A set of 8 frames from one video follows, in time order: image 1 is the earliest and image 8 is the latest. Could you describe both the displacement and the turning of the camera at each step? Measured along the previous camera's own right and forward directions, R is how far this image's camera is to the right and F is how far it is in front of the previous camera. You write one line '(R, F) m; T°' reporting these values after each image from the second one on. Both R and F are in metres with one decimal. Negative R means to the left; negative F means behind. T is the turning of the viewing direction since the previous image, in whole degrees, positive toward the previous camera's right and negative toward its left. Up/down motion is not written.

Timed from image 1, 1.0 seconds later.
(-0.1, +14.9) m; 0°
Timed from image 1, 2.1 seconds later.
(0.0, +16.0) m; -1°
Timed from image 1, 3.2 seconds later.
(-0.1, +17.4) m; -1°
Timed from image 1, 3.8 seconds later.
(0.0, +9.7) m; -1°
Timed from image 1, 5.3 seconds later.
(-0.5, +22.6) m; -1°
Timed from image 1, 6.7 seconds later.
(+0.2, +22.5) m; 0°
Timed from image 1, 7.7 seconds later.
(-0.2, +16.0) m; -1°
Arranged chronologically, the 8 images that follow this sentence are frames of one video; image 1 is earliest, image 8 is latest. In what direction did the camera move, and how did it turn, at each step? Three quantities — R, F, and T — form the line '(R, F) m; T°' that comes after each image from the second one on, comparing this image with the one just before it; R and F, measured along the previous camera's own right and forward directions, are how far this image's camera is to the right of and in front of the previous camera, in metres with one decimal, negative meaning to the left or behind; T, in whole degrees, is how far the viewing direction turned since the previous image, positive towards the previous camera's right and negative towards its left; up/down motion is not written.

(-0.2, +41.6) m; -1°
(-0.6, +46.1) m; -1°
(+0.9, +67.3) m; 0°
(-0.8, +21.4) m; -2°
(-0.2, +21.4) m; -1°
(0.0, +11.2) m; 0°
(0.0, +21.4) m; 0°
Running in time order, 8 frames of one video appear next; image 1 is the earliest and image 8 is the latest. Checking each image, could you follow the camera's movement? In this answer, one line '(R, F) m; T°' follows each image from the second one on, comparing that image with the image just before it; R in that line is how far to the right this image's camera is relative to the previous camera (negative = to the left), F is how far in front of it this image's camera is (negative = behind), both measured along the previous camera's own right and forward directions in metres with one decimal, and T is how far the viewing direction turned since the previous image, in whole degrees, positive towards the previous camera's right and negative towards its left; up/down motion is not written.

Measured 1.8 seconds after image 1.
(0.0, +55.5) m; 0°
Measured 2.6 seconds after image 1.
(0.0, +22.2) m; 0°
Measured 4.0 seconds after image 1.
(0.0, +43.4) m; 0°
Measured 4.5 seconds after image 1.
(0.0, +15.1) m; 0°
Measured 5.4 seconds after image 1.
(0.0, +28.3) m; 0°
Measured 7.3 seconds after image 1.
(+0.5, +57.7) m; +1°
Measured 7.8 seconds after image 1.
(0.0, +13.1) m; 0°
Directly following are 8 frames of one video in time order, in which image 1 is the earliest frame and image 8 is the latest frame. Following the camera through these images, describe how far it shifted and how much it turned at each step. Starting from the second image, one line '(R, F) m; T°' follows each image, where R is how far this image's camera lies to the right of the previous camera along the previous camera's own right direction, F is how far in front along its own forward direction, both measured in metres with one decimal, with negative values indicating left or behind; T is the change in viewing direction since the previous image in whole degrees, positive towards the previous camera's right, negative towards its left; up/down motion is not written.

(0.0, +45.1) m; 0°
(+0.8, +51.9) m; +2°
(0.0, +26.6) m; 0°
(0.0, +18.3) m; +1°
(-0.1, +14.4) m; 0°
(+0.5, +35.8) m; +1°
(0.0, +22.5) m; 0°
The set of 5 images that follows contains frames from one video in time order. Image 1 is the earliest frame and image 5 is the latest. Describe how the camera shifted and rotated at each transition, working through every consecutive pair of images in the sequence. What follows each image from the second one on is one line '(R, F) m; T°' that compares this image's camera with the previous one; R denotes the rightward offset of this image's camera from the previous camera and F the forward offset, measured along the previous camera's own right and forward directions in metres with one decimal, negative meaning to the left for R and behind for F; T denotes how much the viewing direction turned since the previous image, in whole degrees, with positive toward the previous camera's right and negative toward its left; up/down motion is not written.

■ Exercise brief ■
Print all the entries exactly as written.

■ Response to this exercise ■
A set of 8 frames from one video follows, in time order: image 1 is the earliest and image 8 is the latest. Could you describe both the displacement and the turning of the camera at each step? Measured along the previous camera's own right and forward directions, R is how far this image's camera is to the right and F is how far it is in front of the previous camera. You write one line '(R, F) m; T°' reporting these values after each image from the second one on. Both R and F are in metres with one decimal. Negative R means to the left; negative F means behind. T is the turning of the viewing direction since the previous image, in whole degrees, positive toward the previous camera's right and negative toward its left. Up/down motion is not written.

Timed from image 1, 1.0 seconds later.
(-0.1, +14.9) m; 0°
Timed from image 1, 2.1 seconds later.
(0.0, +16.0) m; -1°
Timed from image 1, 3.2 seconds later.
(-0.1, +17.4) m; -1°
Timed from image 1, 3.8 seconds later.
(0.0, +9.7) m; -1°
Timed from image 1, 5.3 seconds later.
(-0.5, +22.6) m; -1°
Timed from image 1, 6.7 seconds later.
(+0.2, +22.5) m; 0°
Timed from image 1, 7.7 seconds later.
(-0.2, +16.0) m; -1°
Arranged chronologically, the 8 images that follow this sentence are frames of one video; image 1 is earliest, image 8 is latest. In what direction did the camera move, and how did it turn, at each step? Three quantities — R, F, and T — form the line '(R, F) m; T°' that comes after each image from the second one on, comparing this image with the one just before it; R and F, measured along the previous camera's own right and forward directions, are how far this image's camera is to the right of and in front of the previous camera, in metres with one decimal, negative meaning to the left or behind; T, in whole degrees, is how far the viewing direction turned since the previous image, positive towards the previous camera's right and negative towards its left; up/down motion is not written.

(-0.2, +41.6) m; -1°
(-0.6, +46.1) m; -1°
(+0.9, +67.3) m; 0°
(-0.8, +21.4) m; -2°
(-0.2, +21.4) m; -1°
(0.0, +11.2) m; 0°
(0.0, +21.4) m; 0°
Running in time order, 8 frames of one video appear next; image 1 is the earliest and image 8 is the latest. Checking each image, could you follow the camera's movement? In this answer, one line '(R, F) m; T°' follows each image from the second one on, comparing that image with the image just before it; R in that line is how far to the right this image's camera is relative to the previous camera (negative = to the left), F is how far in front of it this image's camera is (negative = behind), both measured along the previous camera's own right and forward directions in metres with one decimal, and T is how far the viewing direction turned since the previous image, in whole degrees, positive towards the previous camera's right and negative towards its left; up/down motion is not written.

Measured 1.8 seconds after image 1.
(0.0, +55.5) m; 0°
Measured 2.6 seconds after image 1.
(0.0, +22.2) m; 0°
Measured 4.0 seconds after image 1.
(0.0, +43.4) m; 0°
Measured 4.5 seconds after image 1.
(0.0, +15.1) m; 0°
Measured 5.4 seconds after image 1.
(0.0, +28.3) m; 0°
Measured 7.3 seconds after image 1.
(+0.5, +57.7) m; +1°
Measured 7.8 seconds after image 1.
(0.0, +13.1) m; 0°
Directly following are 8 frames of one video in time order, in which image 1 is the earliest frame and image 8 is the latest frame. Following the camera through these images, describe how far it shifted and how much it turned at each step. Starting from the second image, one line '(R, F) m; T°' follows each image, where R is how far this image's camera lies to the right of the previous camera along the previous camera's own right direction, F is how far in front along its own forward direction, both measured in metres with one decimal, with negative values indicating left or behind; T is the change in viewing direction since the previous image in whole degrees, positive towards the previous camera's right, negative towards its left; up/down motion is not written.

(0.0, +45.1) m; 0°
(+0.8, +51.9) m; +2°
(0.0, +26.6) m; 0°
(0.0, +18.3) m; +1°
(-0.1, +14.4) m; 0°
(+0.5, +35.8) m; +1°
(0.0, +22.5) m; 0°
The set of 5 images that follows contains frames from one video in time order. Image 1 is the earliest frame and image 5 is the latest. Describe how the camera shifted and rotated at each transition, working through every consecutive pair of images in the sequence. What follows each image from the second one on is one line '(R, F) m; T°' that compares this image's camera with the previous one; R denotes the rightward offset of this image's camera from the previous camera and F the forward offset, measured along the previous camera's own right and forward directions in metres with one decimal, negative meaning to the left for R and behind for F; T denotes how much the viewing direction turned since the previous image, in whole degrees, with positive toward the previous camera's right and negative toward its left; up/down motion is not written.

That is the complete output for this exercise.